Pour un particulier qui fait appel à un artisan du bâtiment, cette connaissance permet de mieux comprendre la structure du devis. Quand Thierry reçoit un devis pour un chantier de maçonnerie paysagère, il sait que les charges sociales incluses dans le coût de la main-d’œuvre intègrent les cotisations CCIBTP. Ce n’est pas « caché » — c’est simplement un élément structurel du coût réel du travail dans le BTP.
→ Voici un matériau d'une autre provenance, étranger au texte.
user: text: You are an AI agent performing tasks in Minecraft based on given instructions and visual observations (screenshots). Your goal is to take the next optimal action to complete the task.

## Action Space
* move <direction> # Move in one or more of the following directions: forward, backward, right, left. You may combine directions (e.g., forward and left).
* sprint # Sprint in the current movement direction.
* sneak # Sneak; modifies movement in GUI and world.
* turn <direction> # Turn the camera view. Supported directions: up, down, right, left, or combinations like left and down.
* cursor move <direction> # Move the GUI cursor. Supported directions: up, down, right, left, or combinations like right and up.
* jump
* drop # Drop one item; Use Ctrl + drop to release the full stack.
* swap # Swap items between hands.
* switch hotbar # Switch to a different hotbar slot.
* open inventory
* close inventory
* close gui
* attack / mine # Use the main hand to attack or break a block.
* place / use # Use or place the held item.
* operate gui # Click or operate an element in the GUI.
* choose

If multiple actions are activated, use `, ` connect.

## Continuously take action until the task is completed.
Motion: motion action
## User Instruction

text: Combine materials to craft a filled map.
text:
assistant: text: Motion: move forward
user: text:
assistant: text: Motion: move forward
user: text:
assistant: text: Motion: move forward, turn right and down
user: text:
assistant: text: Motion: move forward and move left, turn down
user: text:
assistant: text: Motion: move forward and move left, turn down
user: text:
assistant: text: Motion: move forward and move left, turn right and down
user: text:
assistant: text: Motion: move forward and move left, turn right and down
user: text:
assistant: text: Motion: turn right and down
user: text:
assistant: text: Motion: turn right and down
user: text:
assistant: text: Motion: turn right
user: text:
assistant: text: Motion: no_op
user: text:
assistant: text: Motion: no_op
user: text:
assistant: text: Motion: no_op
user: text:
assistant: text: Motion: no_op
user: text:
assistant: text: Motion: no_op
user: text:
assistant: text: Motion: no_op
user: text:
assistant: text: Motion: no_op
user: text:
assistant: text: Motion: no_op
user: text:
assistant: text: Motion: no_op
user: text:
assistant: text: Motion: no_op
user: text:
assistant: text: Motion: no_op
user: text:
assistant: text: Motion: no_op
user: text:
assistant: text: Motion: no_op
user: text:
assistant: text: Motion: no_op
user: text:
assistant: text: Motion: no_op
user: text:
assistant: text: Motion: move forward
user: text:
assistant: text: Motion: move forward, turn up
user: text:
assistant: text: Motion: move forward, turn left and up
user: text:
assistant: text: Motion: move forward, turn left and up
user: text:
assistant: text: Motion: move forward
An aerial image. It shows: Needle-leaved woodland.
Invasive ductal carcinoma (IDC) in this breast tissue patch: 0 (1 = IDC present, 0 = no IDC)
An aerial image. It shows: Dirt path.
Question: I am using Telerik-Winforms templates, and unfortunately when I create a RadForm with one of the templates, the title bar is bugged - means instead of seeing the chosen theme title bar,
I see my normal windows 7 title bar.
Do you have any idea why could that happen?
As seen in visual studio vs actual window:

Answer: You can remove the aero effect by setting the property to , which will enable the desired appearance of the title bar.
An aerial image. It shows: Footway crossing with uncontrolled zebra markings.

Planifier son chantier en tenant compte du calendrier BTP

La leçon pratique que Thierry tire de ses années de collaboration avec les artisans du bâtiment est simple. Pour les gros travaux extérieurs — maçonnerie, pose de terrasse, construction d’abris — prévoyez votre projet six mois à l’avance si vous voulez une exécution en haute saison. Les meilleures équipes sont réservées longtemps à l’avance, et les fermetures collectives réduisent la capacité de production en juillet et en décembre.

Les périodes les plus favorables pour faire démarrer un chantier sont septembre-octobre (après les congés d’été, avant le froid) et mars-avril (après les congés de Noël, avant la haute saison). Ce sont aussi souvent les périodes où les artisans proposent les meilleurs délais et la meilleure disponibilité. Et si vous tentez cette planification anticipée, vous nous en reparlerez lors de la réception de chantier — dans les délais prévus.